[Opening INPUT FOR THIS TASK section]
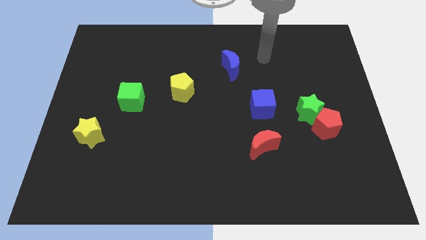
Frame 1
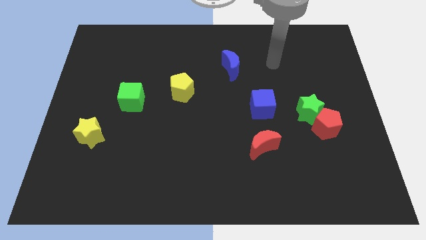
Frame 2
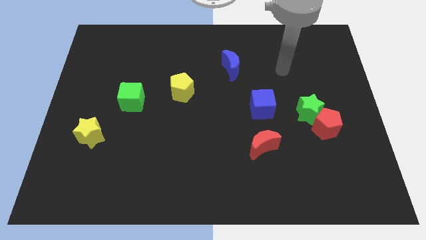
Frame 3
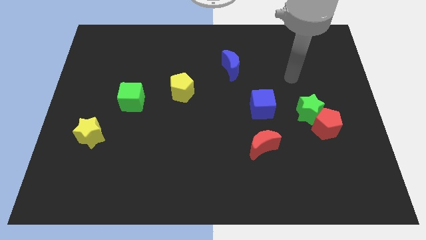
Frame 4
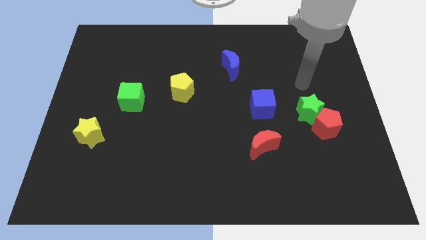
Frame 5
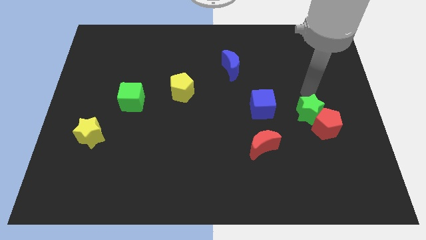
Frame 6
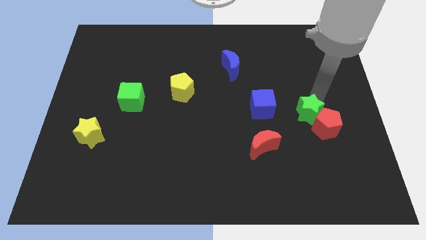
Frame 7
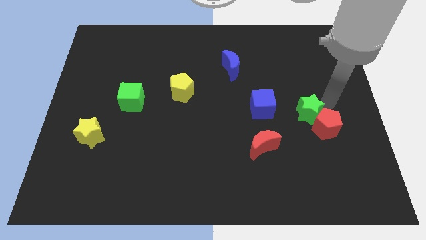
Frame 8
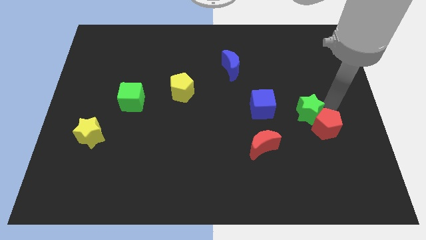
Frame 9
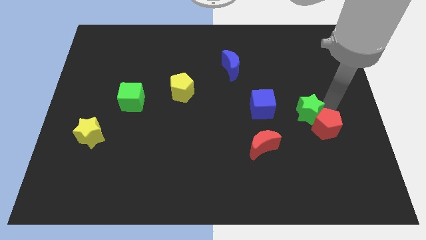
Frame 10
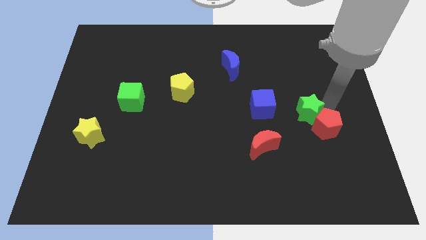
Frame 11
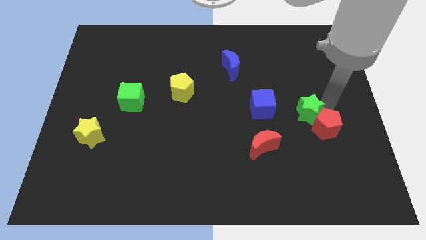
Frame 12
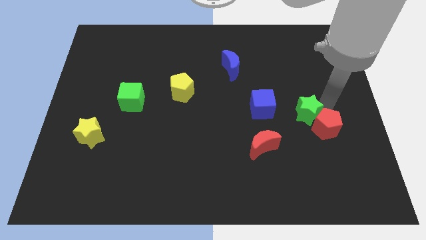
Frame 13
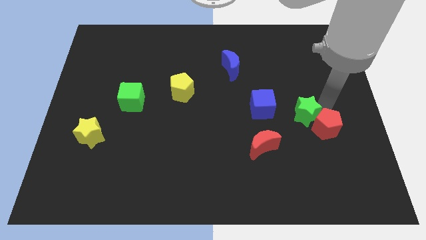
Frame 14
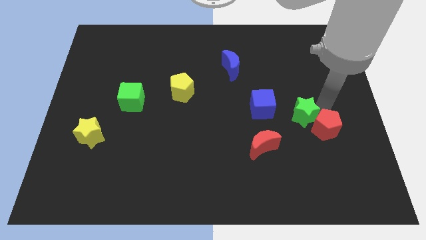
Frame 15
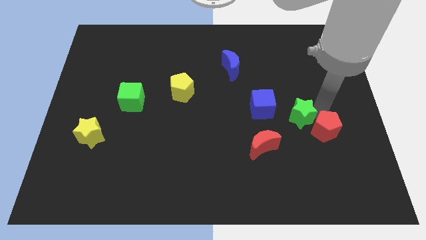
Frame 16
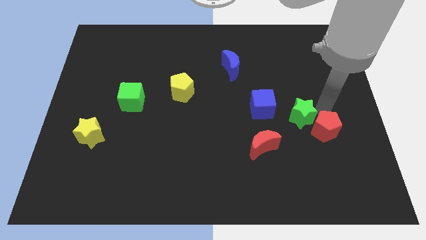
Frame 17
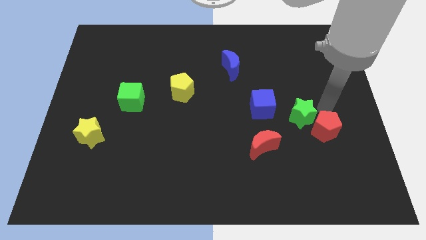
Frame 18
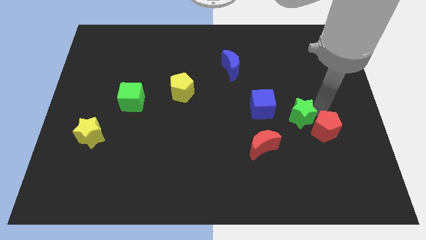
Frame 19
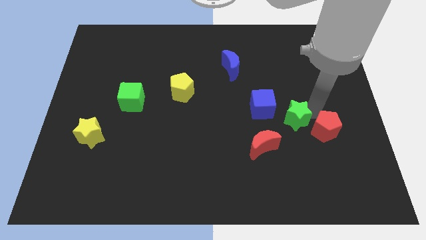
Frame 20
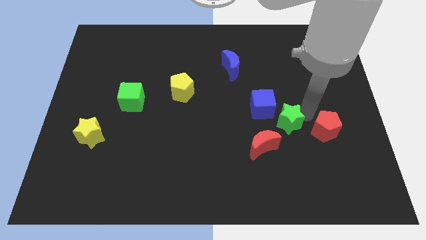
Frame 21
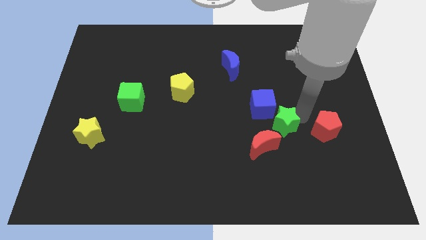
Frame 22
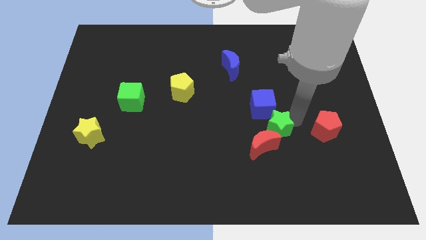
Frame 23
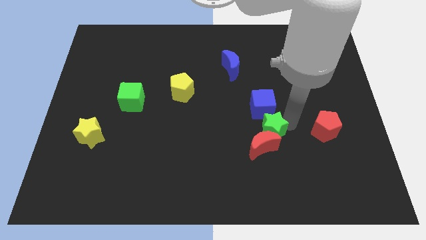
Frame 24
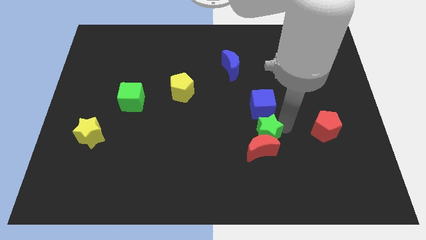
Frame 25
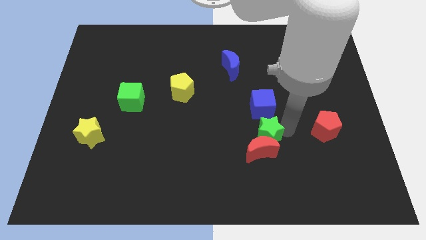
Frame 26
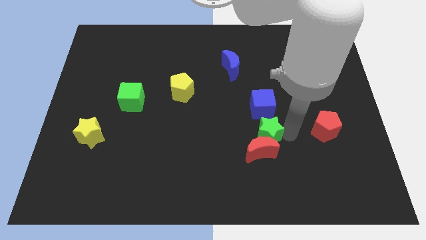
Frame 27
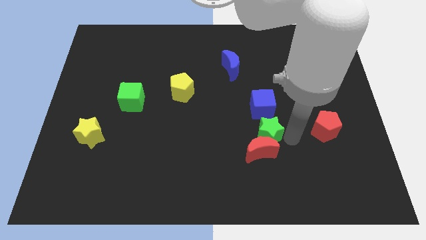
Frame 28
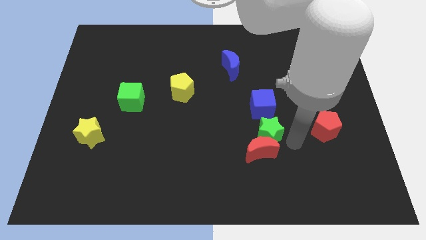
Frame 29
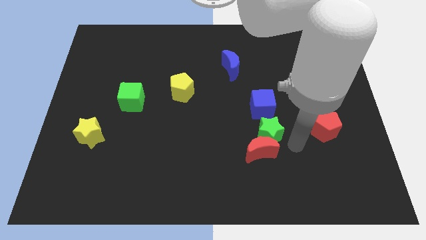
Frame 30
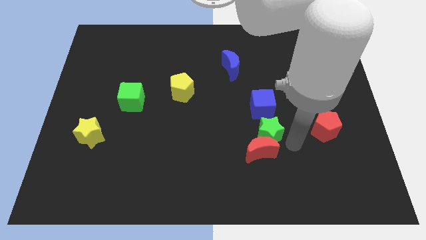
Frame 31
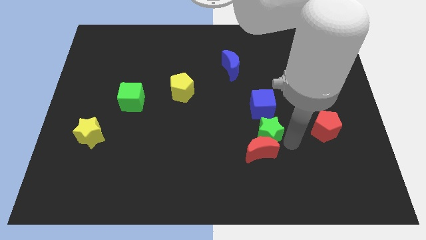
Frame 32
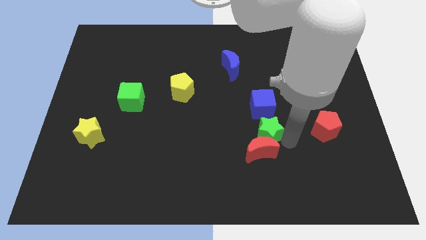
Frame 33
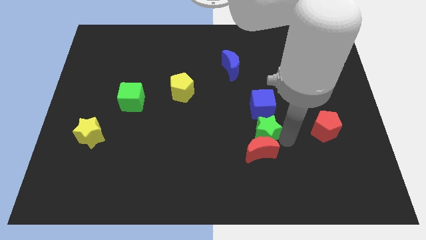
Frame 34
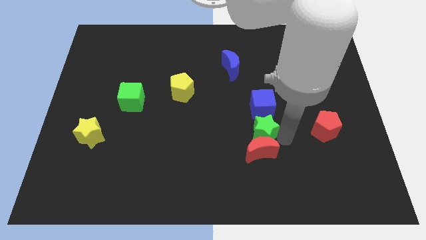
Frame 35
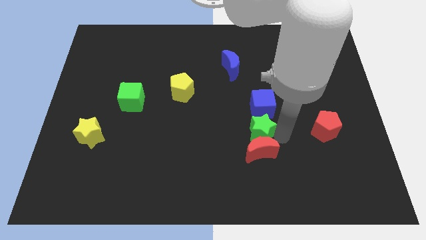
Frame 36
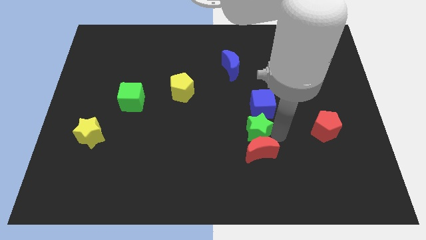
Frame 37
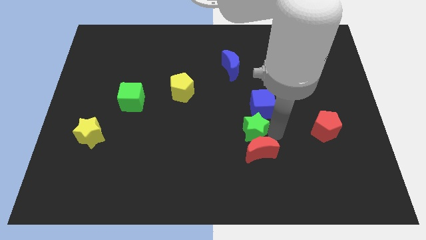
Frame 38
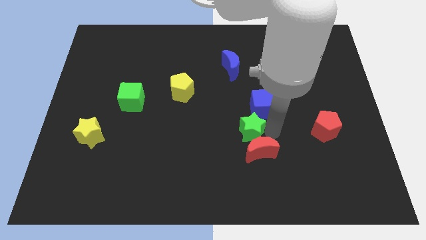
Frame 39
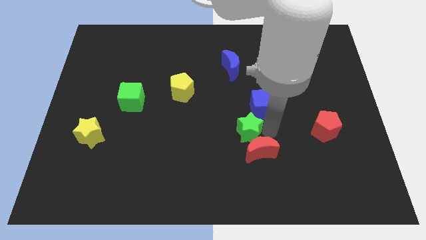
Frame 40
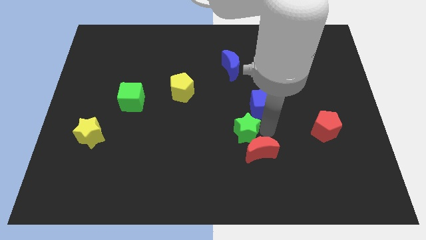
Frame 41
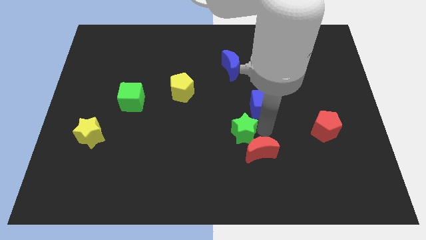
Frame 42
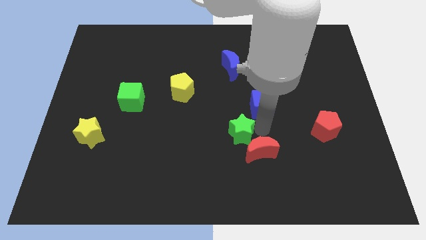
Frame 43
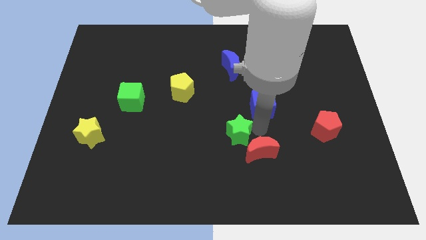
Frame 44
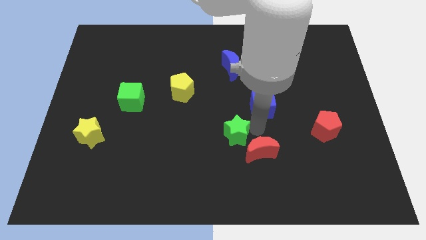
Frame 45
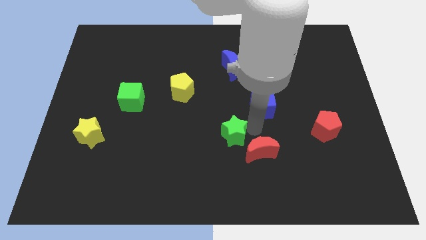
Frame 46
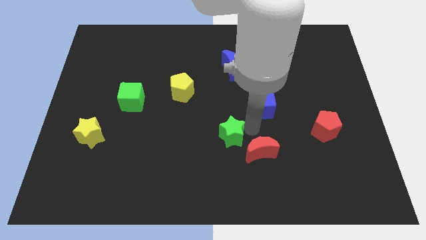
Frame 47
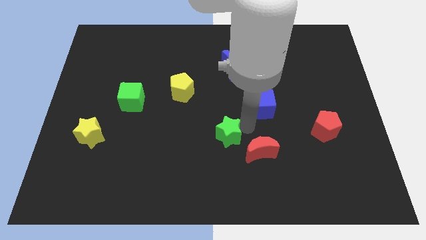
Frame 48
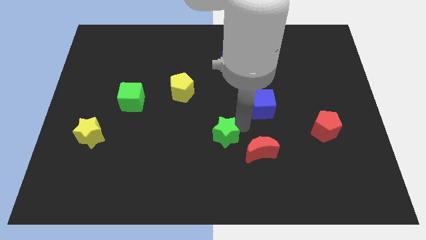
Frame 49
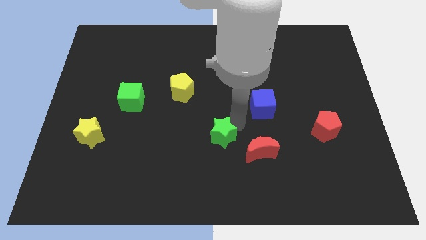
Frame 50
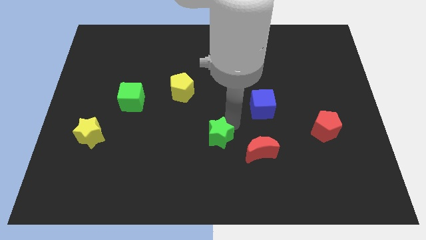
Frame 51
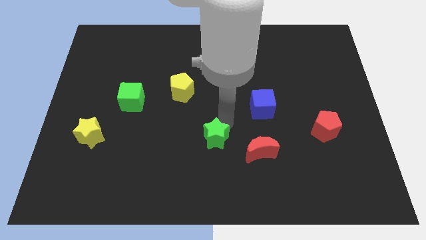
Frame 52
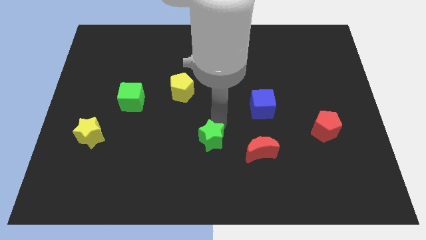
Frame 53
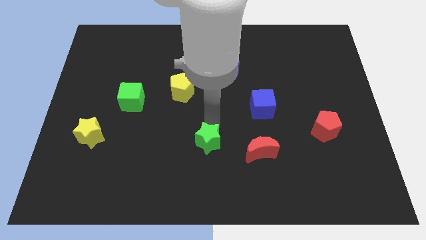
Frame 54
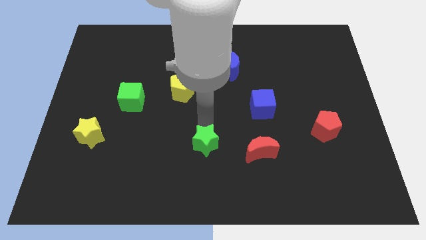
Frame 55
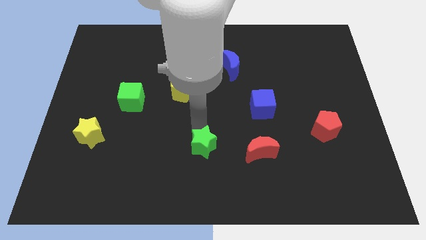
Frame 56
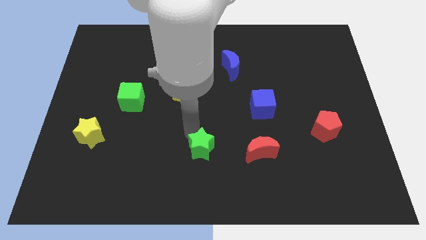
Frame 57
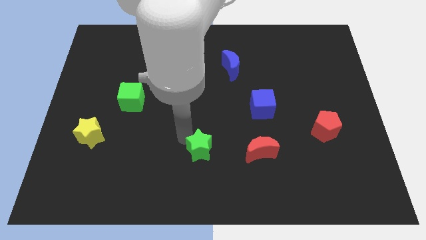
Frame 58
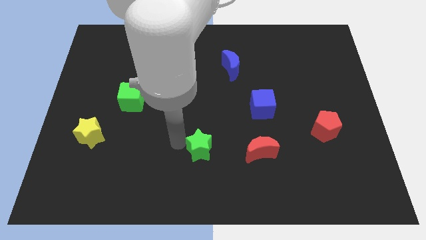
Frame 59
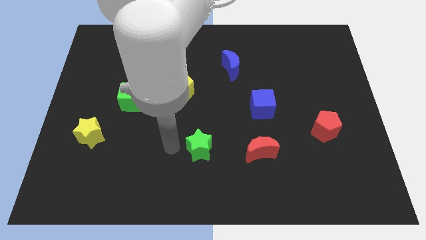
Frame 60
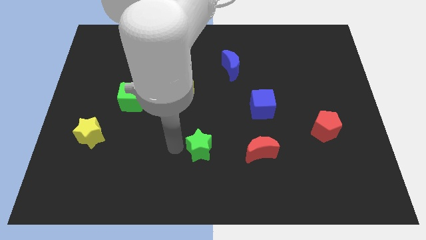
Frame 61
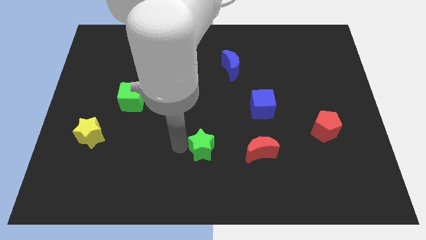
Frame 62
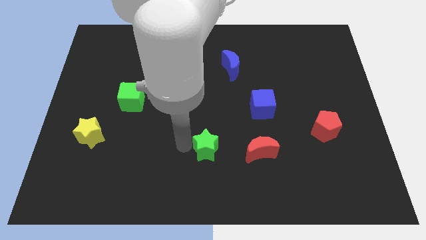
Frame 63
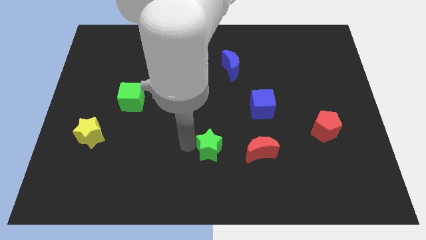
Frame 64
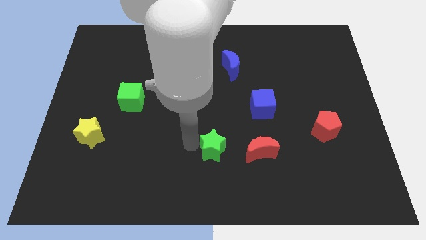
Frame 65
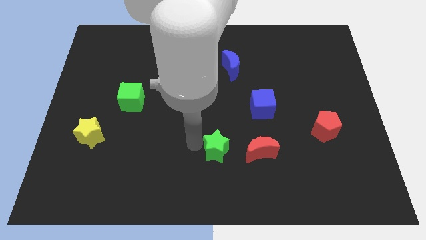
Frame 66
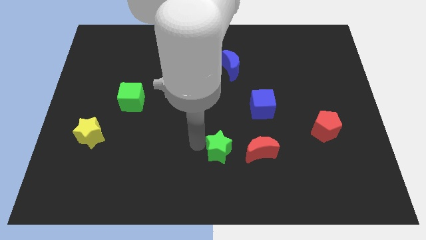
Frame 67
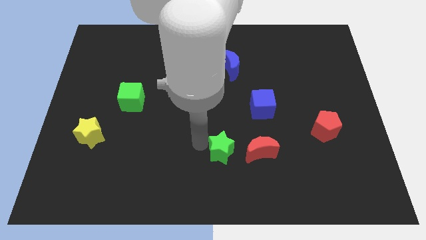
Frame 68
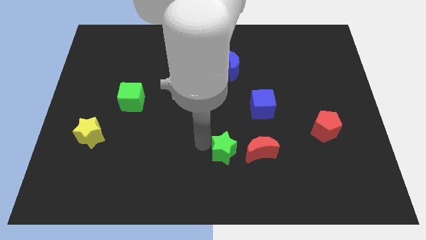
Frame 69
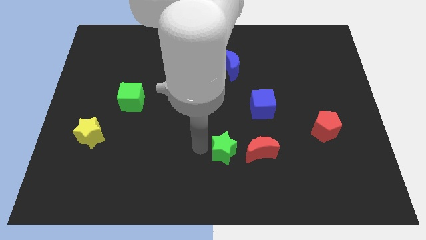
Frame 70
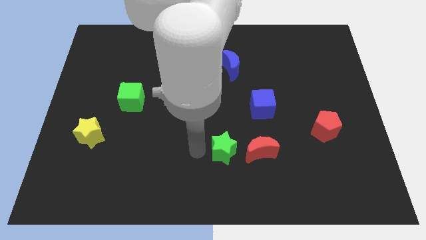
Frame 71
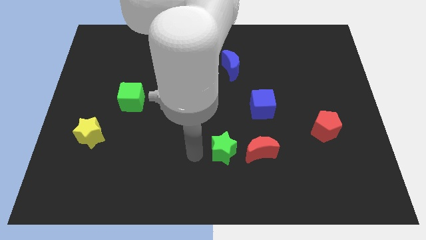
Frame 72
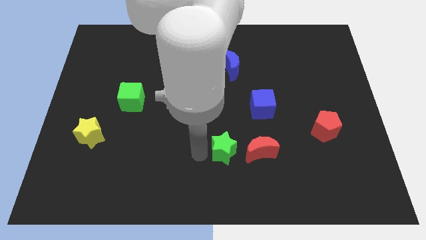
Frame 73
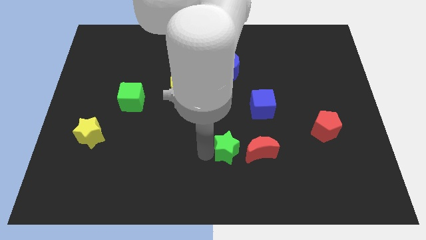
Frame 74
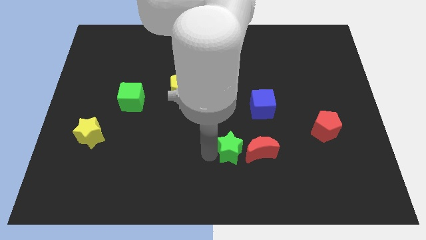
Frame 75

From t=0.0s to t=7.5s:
push the green star to the bottom left side of the red moon
[Closing INPUT FOR THIS TASK section]
The listing should be transcribed in full, exactly, and without its pictures.

Frame 1
Frame 2
Frame 3
Frame 4
Frame 5
Frame 6
Frame 7
Frame 8
Frame 9
Frame 10
Frame 11
Frame 12
Frame 13
Frame 14
Frame 15
Frame 16
Frame 17
Frame 18
Frame 19
Frame 20
Frame 21
Frame 22
Frame 23
Frame 24
Frame 25
Frame 26
Frame 27
Frame 28
Frame 29
Frame 30
Frame 31
Frame 32
Frame 33
Frame 34
Frame 35
Frame 36
Frame 37
Frame 38
Frame 39
Frame 40
Frame 41
Frame 42
Frame 43
Frame 44
Frame 45
Frame 46
Frame 47
Frame 48
Frame 49
Frame 50
Frame 51
Frame 52
Frame 53
Frame 54
Frame 55
Frame 56
Frame 57
Frame 58
Frame 59
Frame 60
Frame 61
Frame 62
Frame 63
Frame 64
Frame 65
Frame 66
Frame 67
Frame 68
Frame 69
Frame 70
Frame 71
Frame 72
Frame 73
Frame 74
Frame 75

From t=0.0s to t=7.5s:
push the green star to the bottom left side of the red moon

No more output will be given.